Keine starre 30-jährige Frist
Der Große Senat hat jetzt entschieden, dass dies in einer strukturierten Einzelfallprüfung zu bewerten ist. Ein Zeitablauf von 30 Jahren ist dabei gewichtig, aber nicht allein entscheidend, so das BVerwG. Ein besonderes Offenbarungsinteresse könne eine frühere Offenlegung rechtfertigen, ein besonderes Geheimhaltungsinteresse eine längere Geheimhaltung gebieten. Aufgrund einer Entscheidung des Bundesverfassungsgerichts hatte der Fachsenat seine Rechtsprechung entsprechend geändert. Eine wichtige Rolle spielt dabei auch, dass potenzielle Informaten ein gewisses Maß an Vertrauen in den BND hegen können.

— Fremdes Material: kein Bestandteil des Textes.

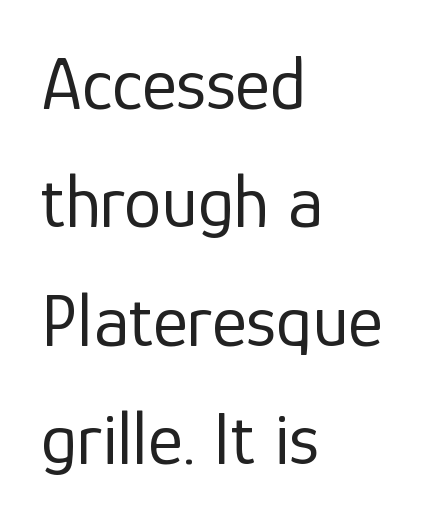
Q: Is the text bold? A: No.
Q: Is the text italic (slanted)? A: No, it is upright.
Q: Is the typeface a serif or a sans-serif typeface? A: Sans-serif.
Q: Is the text underlined? A: No.
Q: How is the paragraph aligned? A: Left-aligned.
Q: Is the spacing between letters normal or unusually wide? A: Normal.
Q: Is the spacing between lines tight, normal or loose? A: Normal.
Q: Width (condensed, normal, or wide)? A: Normal.
Q: Stroke contrast? A: Low.
Q: x-height? A: Medium.
Q: Monospaced? A: No.

Ein besonderes Offenlegungsinteresse wird nach Auffassung des Großen Senats umso eher eine Verkürzung der 30-Jahres-Frist rechtfertigen, desto länger die Aktivität des Informanten zurückliegt und umso weniger Anlass zur Annahme besteht, dass sich die Bekanntgabe persönlicher Daten des Informanten auf die Anwerbung anderer Informanten und damit auf die Arbeitsfähigkeit der Geheimdienste auszuwirken vermag.
Welche Auswirkungen die Entscheidung auf das Verfahren um die Spiegel-Affäre hat, bleibt nun abzuwarten.